Records from a dataset:
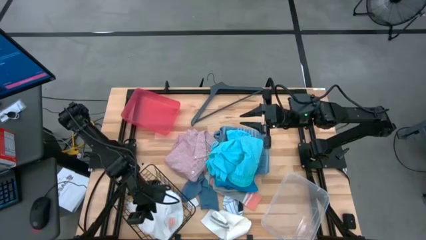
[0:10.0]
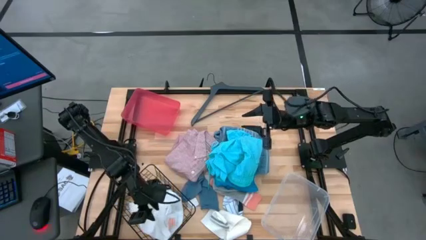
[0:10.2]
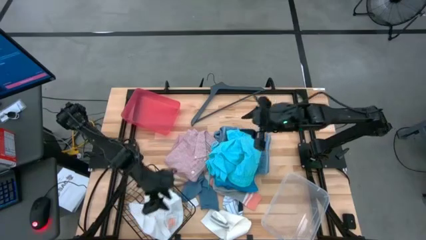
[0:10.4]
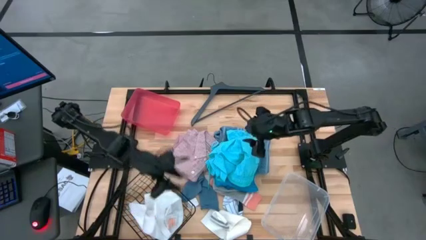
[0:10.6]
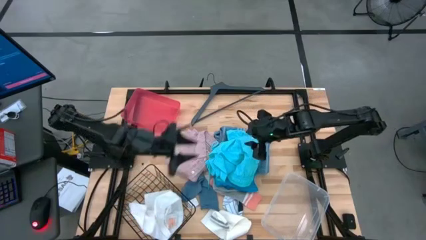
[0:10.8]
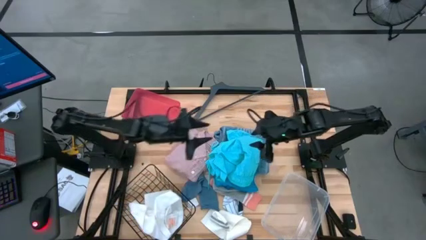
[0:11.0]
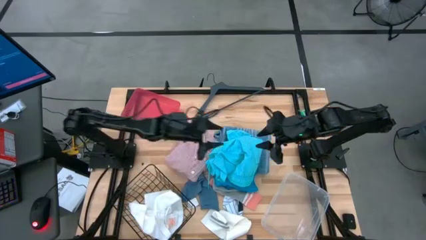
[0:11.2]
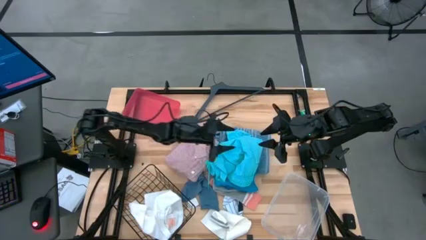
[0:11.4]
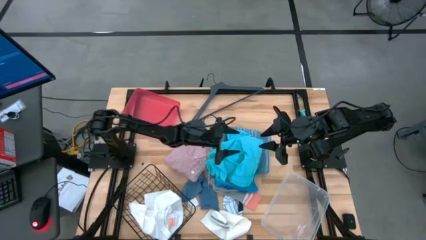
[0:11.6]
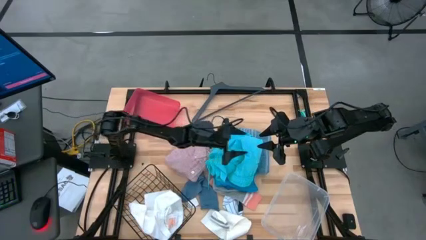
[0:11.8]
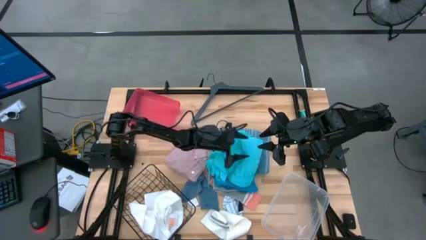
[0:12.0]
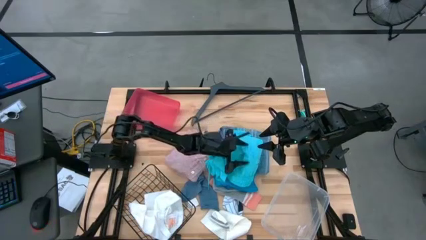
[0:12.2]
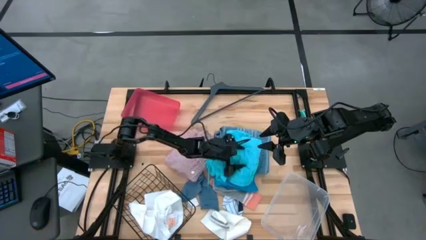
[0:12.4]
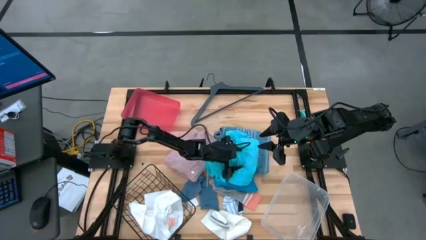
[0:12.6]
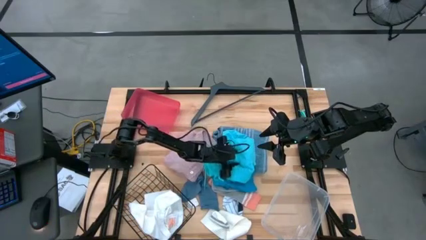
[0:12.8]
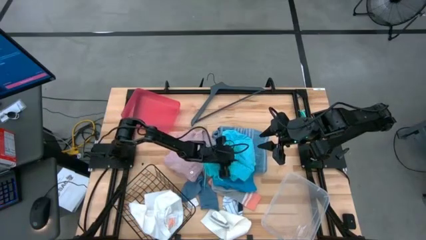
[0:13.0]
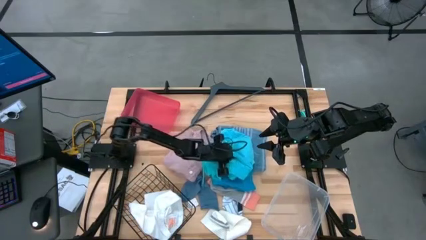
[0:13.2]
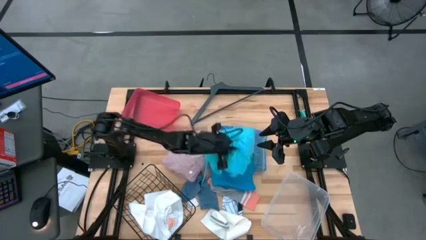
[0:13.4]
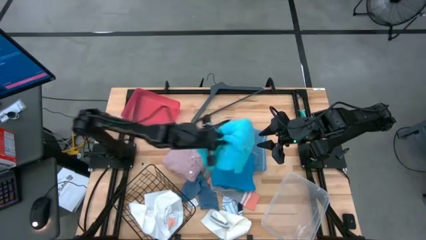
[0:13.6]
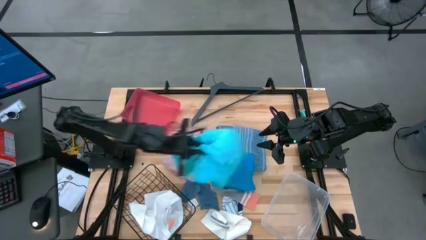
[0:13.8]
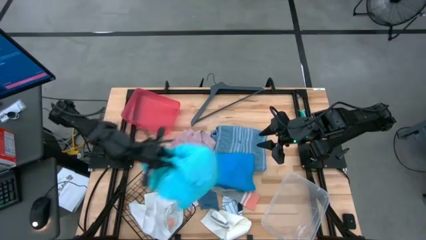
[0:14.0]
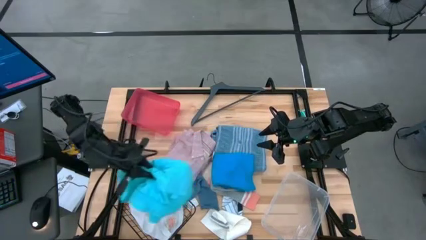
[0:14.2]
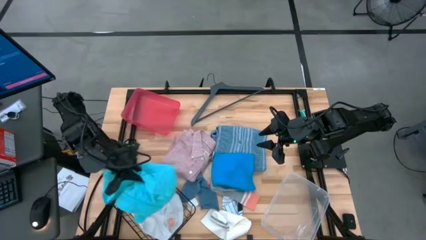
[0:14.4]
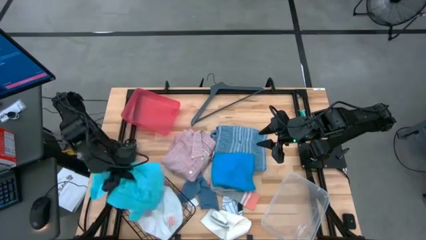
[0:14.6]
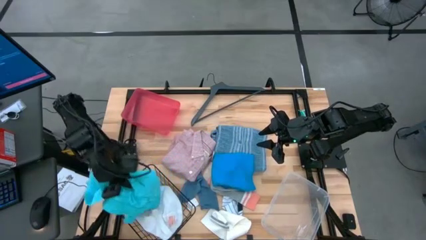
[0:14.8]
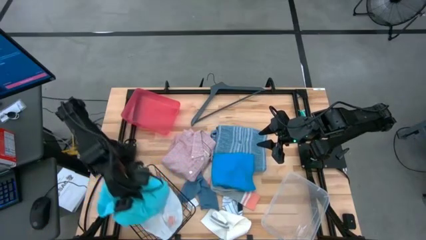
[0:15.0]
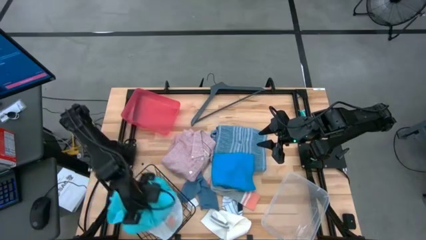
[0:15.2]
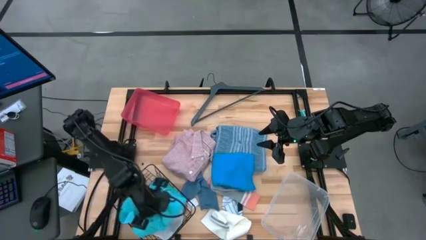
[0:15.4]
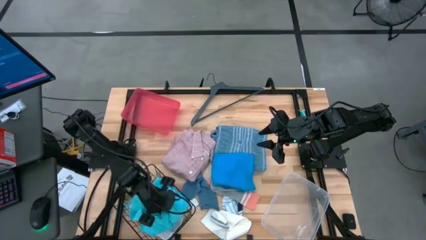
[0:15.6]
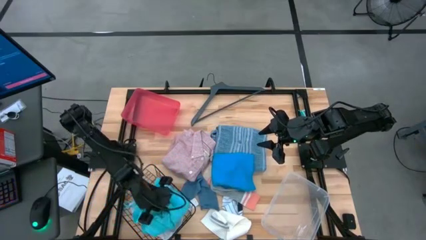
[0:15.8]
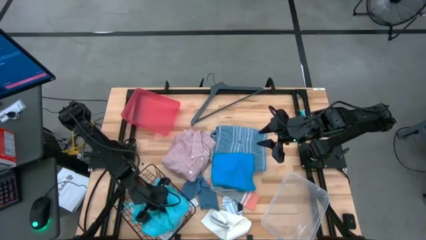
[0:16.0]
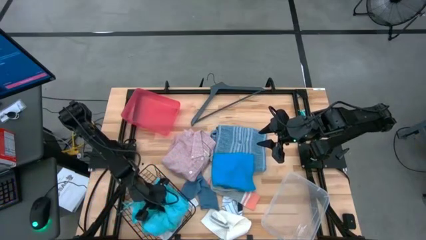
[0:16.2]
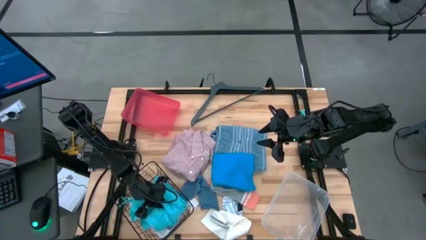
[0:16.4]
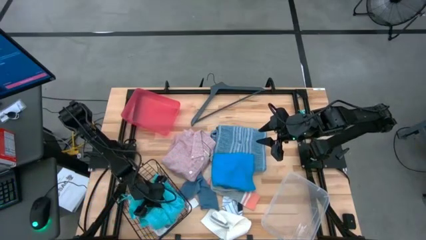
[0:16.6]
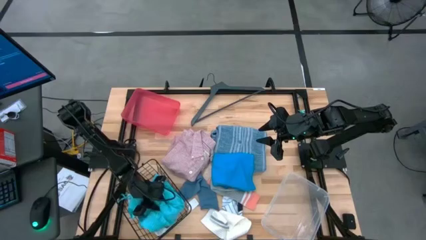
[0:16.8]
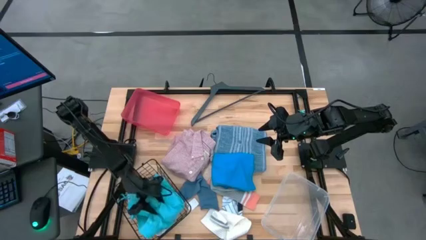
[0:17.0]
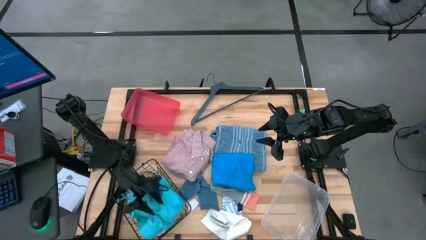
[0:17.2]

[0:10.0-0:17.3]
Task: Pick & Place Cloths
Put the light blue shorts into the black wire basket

#### The task
An exact copy of every entry, pictures left out, is what to write here.

#### Response to the exercise
[0:10.0]
[0:10.2]
[0:10.4]
[0:10.6]
[0:10.8]
[0:11.0]
[0:11.2]
[0:11.4]
[0:11.6]
[0:11.8]
[0:12.0]
[0:12.2]
[0:12.4]
[0:12.6]
[0:12.8]
[0:13.0]
[0:13.2]
[0:13.4]
[0:13.6]
[0:13.8]
[0:14.0]
[0:14.2]
[0:14.4]
[0:14.6]
[0:14.8]
[0:15.0]
[0:15.2]
[0:15.4]
[0:15.6]
[0:15.8]
[0:16.0]
[0:16.2]
[0:16.4]
[0:16.6]
[0:16.8]
[0:17.0]
[0:17.2]

[0:10.0-0:17.3]
Task: Pick & Place Cloths
Put the light blue shorts into the black wire basket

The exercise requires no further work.